◆ **THE TASK**: Where a record holds a picture, leave the picture out; otherwise repeat every record exactly.

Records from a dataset
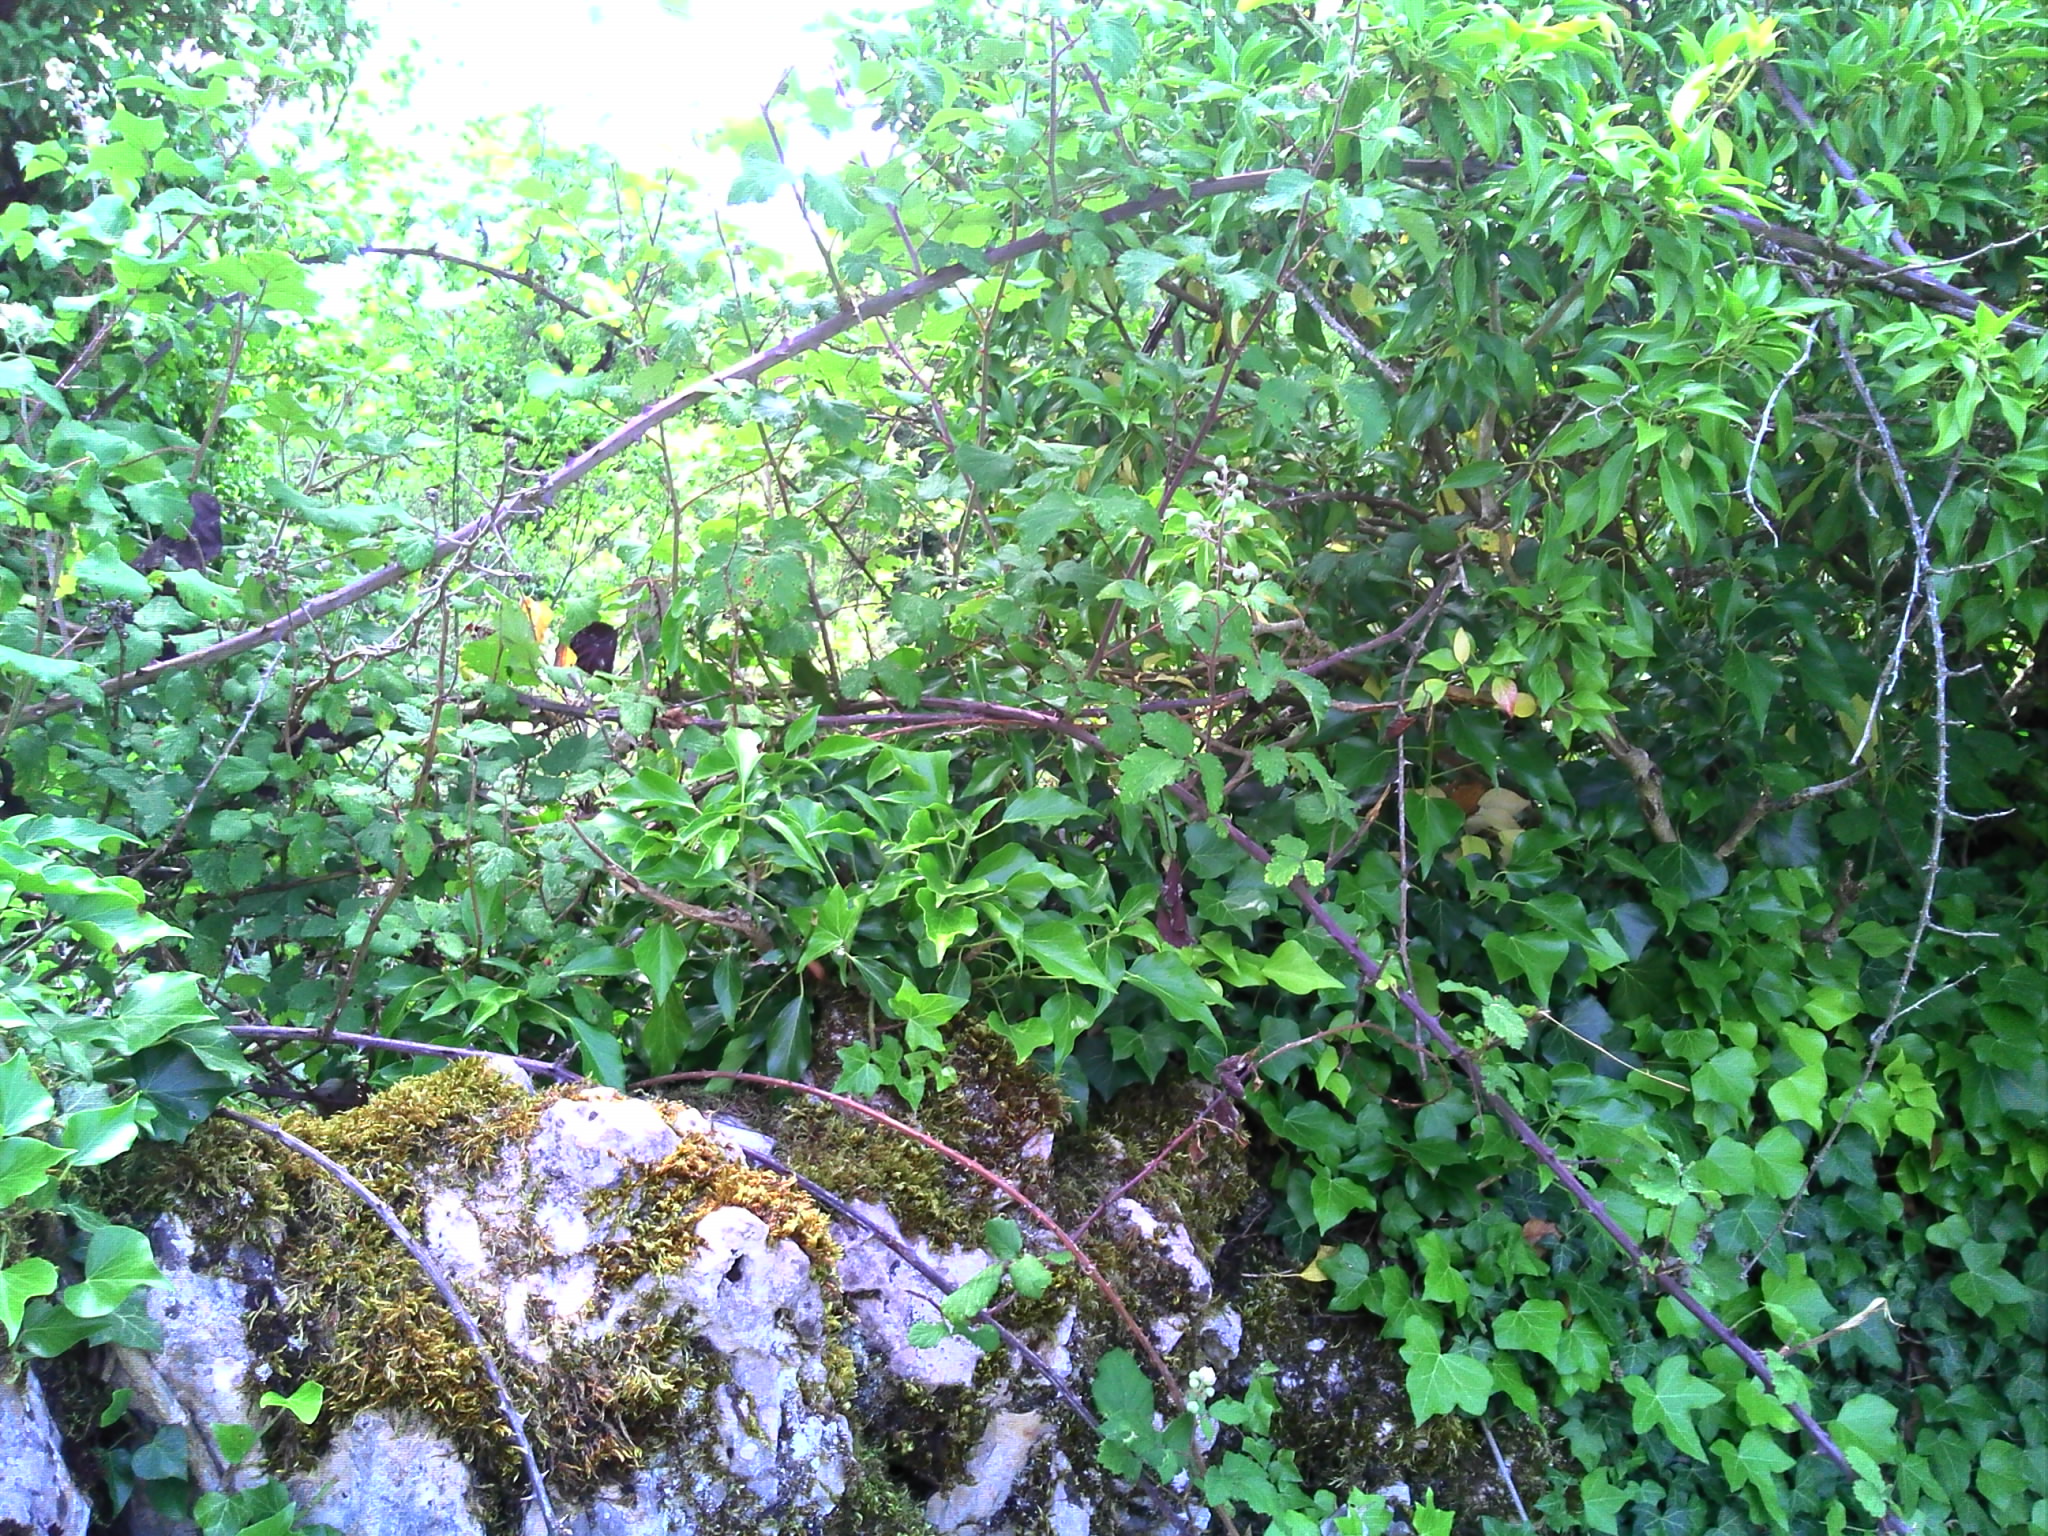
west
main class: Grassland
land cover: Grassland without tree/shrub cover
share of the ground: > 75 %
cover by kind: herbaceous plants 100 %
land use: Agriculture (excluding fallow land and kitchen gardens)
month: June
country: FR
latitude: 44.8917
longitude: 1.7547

◆ **OUTPUT OF THE EXERCISE**:
west
main class: Grassland
land cover: Grassland without tree/shrub cover
share of the ground: > 75 %
cover by kind: herbaceous plants 100 %
land use: Agriculture (excluding fallow land and kitchen gardens)
month: June
country: FR
latitude: 44.8917
longitude: 1.7547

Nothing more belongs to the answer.